Listed entries
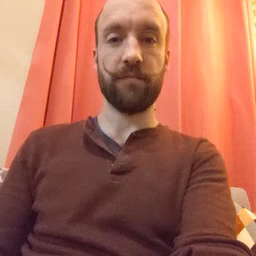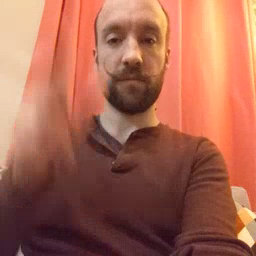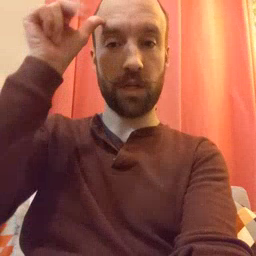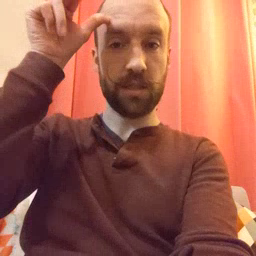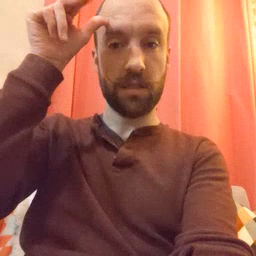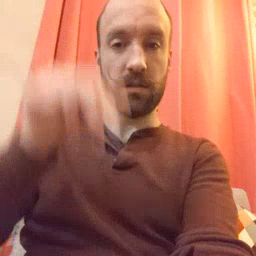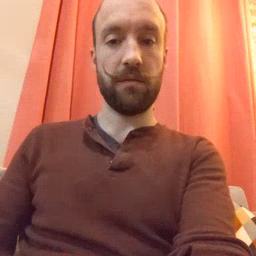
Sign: horse
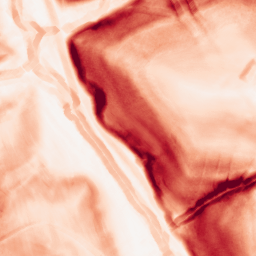
Category: morphological
Decomposition family: morphological_gradient
Decomposition parameters: size: 5
shape: diamond
Upsampling method: bicubic
Upsampling parameters: scale: 2
Upsampling scale: 2
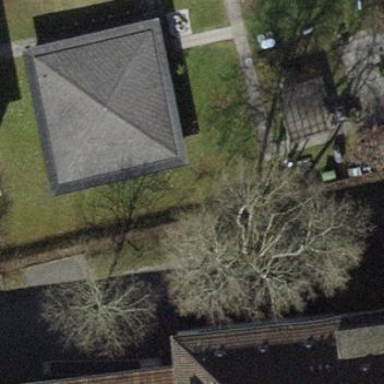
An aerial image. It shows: Shed.
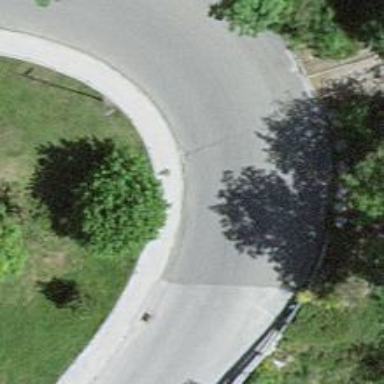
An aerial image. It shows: Sidewalk.
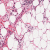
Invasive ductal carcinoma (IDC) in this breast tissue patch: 0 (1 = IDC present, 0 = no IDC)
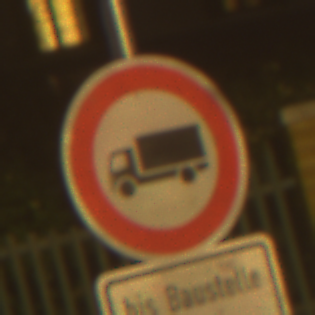
Verkehrszeichen: VerbotFuerKraftfahrzeugeUeberDreiKommaFuenfTonnen
Zusatzzeichen unten: SonstigeFahrzeugePersonengruppenFrei2
Umgebung: Outdoor, Urban
Tageszeit: Night
Wetter: Clear
Licht: Artificial
Jahreszeit: NotSpecified
Kontrast: HighContrast
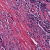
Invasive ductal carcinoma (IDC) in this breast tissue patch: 1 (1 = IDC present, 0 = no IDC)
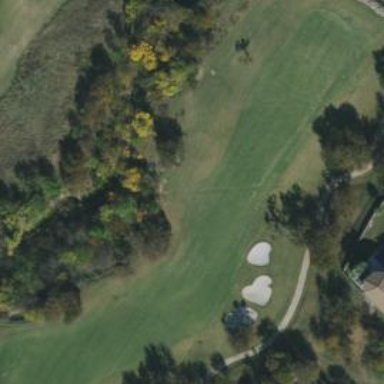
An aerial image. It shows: Grassy area designated as golf fairway.

What is needed
Leave the pictures out and please restate exactly the lines running from the start of the material through the one with "Invasive ductal carcinoma (IDC) in this breast tissue patch: 1".

Answer box
Sign: horse
Category: morphological
Decomposition family: morphological_gradient
Decomposition parameters: size: 5
shape: diamond
Upsampling method: bicubic
Upsampling parameters: scale: 2
Upsampling scale: 2
An aerial image. It shows: Shed.
An aerial image. It shows: Sidewalk.
Invasive ductal carcinoma (IDC) in this breast tissue patch: 0 (1 = IDC present, 0 = no IDC)
Verkehrszeichen: VerbotFuerKraftfahrzeugeUeberDreiKommaFuenfTonnen
Zusatzzeichen unten: SonstigeFahrzeugePersonengruppenFrei2
Umgebung: Outdoor, Urban
Tageszeit: Night
Wetter: Clear
Licht: Artificial
Jahreszeit: NotSpecified
Kontrast: HighContrast
Invasive ductal carcinoma (IDC) in this breast tissue patch: 1 (1 = IDC present, 0 = no IDC)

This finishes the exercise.